I’ve scoured New York in search of exotic and esoteric food suppliers for 60 years, but a woman from France who’s lived here only a decade makes me feel like a first-time tourist. Nathalie Sann and photographer Susan Meisel set out to find 200 of the city’s best food stores, and in “Shop Cook Eat New York” they’ve done just that. Some were obvious: Katz’s Deli, Murray’s Cheese Shop, Magnolia Bakery, the shops on Arthur Avenue in the Bronx. But the majority of their favorites are real finds. Like Arcade Bakery (it’s hidden in the lobby of an office building), which makes the best ham-and-cheese sandwiches in town. And Harlem Shambles, my favorite butcher (the name is from Corinthians: “Whatever is sold in the shambles, eat, asking no question for conscience sake”). And Andrews Honey, which attracts bees on 50 rooftops, including the Waldorf-Astoria. And SOS Chefs, a favorite find of mine. The writing is brisk and stylish (“Lobel’s is the Fabergé of meat”), the photos are crisp, and Sann enriches the book with 27 field-tested recipes. A great resource for New Yorkers, an obvious gift for visiting foodies. [To buy the book from Amazon, click here.]
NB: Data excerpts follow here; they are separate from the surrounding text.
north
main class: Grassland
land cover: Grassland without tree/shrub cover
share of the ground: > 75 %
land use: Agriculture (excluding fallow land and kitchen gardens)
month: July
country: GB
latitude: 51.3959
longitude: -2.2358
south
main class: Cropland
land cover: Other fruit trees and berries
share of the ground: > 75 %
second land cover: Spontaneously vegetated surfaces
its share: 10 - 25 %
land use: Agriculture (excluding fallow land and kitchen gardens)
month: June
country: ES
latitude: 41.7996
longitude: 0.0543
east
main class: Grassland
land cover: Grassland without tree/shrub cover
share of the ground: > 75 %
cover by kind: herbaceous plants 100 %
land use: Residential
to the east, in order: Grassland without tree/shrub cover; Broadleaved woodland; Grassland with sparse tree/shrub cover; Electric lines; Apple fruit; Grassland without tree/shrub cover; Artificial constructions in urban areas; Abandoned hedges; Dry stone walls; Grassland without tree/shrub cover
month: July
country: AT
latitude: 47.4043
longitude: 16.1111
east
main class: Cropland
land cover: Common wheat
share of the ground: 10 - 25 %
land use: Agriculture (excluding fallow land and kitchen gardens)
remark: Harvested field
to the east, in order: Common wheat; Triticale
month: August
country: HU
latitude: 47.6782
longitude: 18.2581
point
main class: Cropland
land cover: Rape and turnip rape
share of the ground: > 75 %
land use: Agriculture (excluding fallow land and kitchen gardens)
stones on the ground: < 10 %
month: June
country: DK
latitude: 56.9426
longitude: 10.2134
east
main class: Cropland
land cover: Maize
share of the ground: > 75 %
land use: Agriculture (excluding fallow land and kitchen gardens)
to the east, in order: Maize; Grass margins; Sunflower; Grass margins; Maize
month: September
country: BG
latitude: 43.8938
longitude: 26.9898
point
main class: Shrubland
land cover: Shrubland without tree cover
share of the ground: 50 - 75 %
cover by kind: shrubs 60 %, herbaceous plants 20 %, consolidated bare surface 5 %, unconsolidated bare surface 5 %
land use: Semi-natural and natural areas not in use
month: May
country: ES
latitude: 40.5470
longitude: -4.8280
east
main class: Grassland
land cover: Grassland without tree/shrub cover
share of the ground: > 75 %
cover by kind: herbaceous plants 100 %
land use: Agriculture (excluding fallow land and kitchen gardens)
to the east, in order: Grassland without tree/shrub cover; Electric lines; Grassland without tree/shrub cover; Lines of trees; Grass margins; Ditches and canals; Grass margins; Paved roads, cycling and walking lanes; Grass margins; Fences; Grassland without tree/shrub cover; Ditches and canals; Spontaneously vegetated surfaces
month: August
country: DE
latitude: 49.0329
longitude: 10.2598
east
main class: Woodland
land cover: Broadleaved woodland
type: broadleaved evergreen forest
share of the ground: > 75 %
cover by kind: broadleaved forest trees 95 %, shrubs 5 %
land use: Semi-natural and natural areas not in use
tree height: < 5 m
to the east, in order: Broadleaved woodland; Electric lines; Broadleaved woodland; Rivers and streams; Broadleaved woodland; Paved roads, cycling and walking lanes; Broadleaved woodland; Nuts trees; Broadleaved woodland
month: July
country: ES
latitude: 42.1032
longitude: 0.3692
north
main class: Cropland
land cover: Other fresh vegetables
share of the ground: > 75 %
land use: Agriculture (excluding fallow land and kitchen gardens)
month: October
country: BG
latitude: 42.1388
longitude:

Nam Prik Asian Chili Hot Sauce: the next Sriracha?
When I met Erick Yi, he was an investment adviser at Merrill Lynch in Los Angeles. (I can personally attest: honest, creative, successful). And then he was gone — to launch a hot sauce. I thought he was having a pre-midlife crisis. In fact, he was having a genius insight: He invented Nam Prik, an Asian chili sauce that was both spicy and sweet. Erick launched Nam Prik at farmer’s markets in LA, and was soon as popular as Adele. Again, deservedly: Nam Prik (pronounced: nam-preek, literally “fluid chili”) isn’t like all the other smartly-labeled sauces you see on grocery shelves. It delivers fire and flavor, adding personality to eggs, Mexican food, Asian dishes, meat and chicken entrees. Now Erick’s in the big leagues —you can buy Nam Prik on Amazon as well as on his web site. And in the full-service spirit of the banker he used to be, Erick offers some recipes. Try the crispy Nam Prik chicken wings — you’ll forget all about Buffalo.